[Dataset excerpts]
[Start of Attachment]

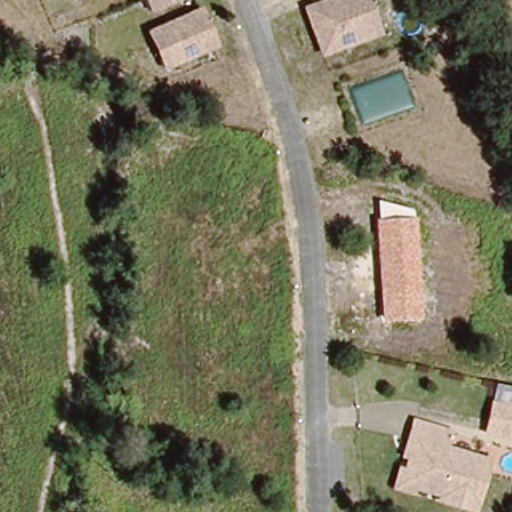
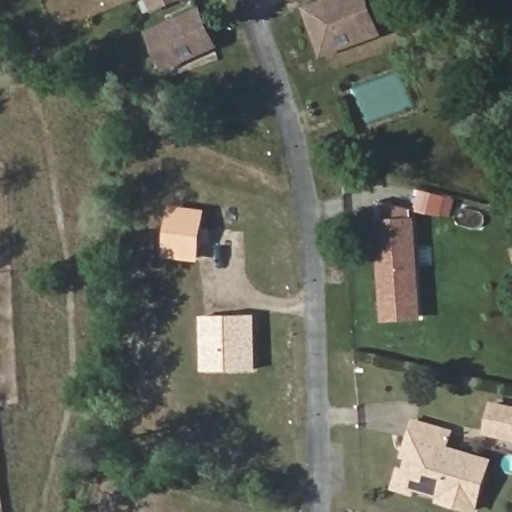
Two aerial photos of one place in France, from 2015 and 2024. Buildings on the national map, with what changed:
unchanged [(147,0),(181,0),(150,13),(147,0)]
unchanged [(322,58),(304,9),(326,0),(371,0),(385,36),(322,58)]
unchanged [(222,48),(166,71),(149,33),(202,8),(222,48)]
new [(204,210),(198,262),(164,258),(170,205),(204,210)]
unchanged [(423,321),(384,323),(373,220),(415,217),(423,321)]
new [(256,371),(203,372),(202,316),(256,315),(256,371)]
unchanged [(512,406),(512,441),(485,436),(494,403),(512,406)]
unchanged [(454,430),(450,445),(494,459),(478,512),(470,512),(436,503),(436,498),(415,492),(414,496),(393,489),(399,467),(404,467),(407,460),(401,458),(416,419),(454,430)]

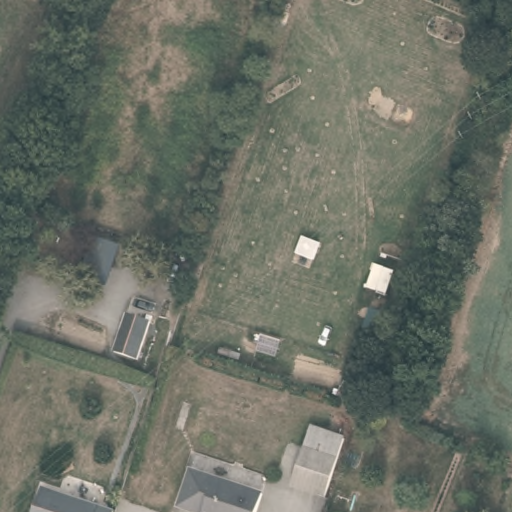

[End of Attachment]

> **Try it**:
Without the pictures, restate all of the entries above verbatim.

> **Response area**:
Two aerial photos of one place in France, from 2015 and 2024. Buildings on the national map, with what changed:
unchanged [(147,0),(181,0),(150,13),(147,0)]
unchanged [(322,58),(304,9),(326,0),(371,0),(385,36),(322,58)]
unchanged [(222,48),(166,71),(149,33),(202,8),(222,48)]
new [(204,210),(198,262),(164,258),(170,205),(204,210)]
unchanged [(423,321),(384,323),(373,220),(415,217),(423,321)]
new [(256,371),(203,372),(202,316),(256,315),(256,371)]
unchanged [(512,406),(512,441),(485,436),(494,403),(512,406)]
unchanged [(454,430),(450,445),(494,459),(478,512),(470,512),(436,503),(436,498),(415,492),(414,496),(393,489),(399,467),(404,467),(407,460),(401,458),(416,419),(454,430)]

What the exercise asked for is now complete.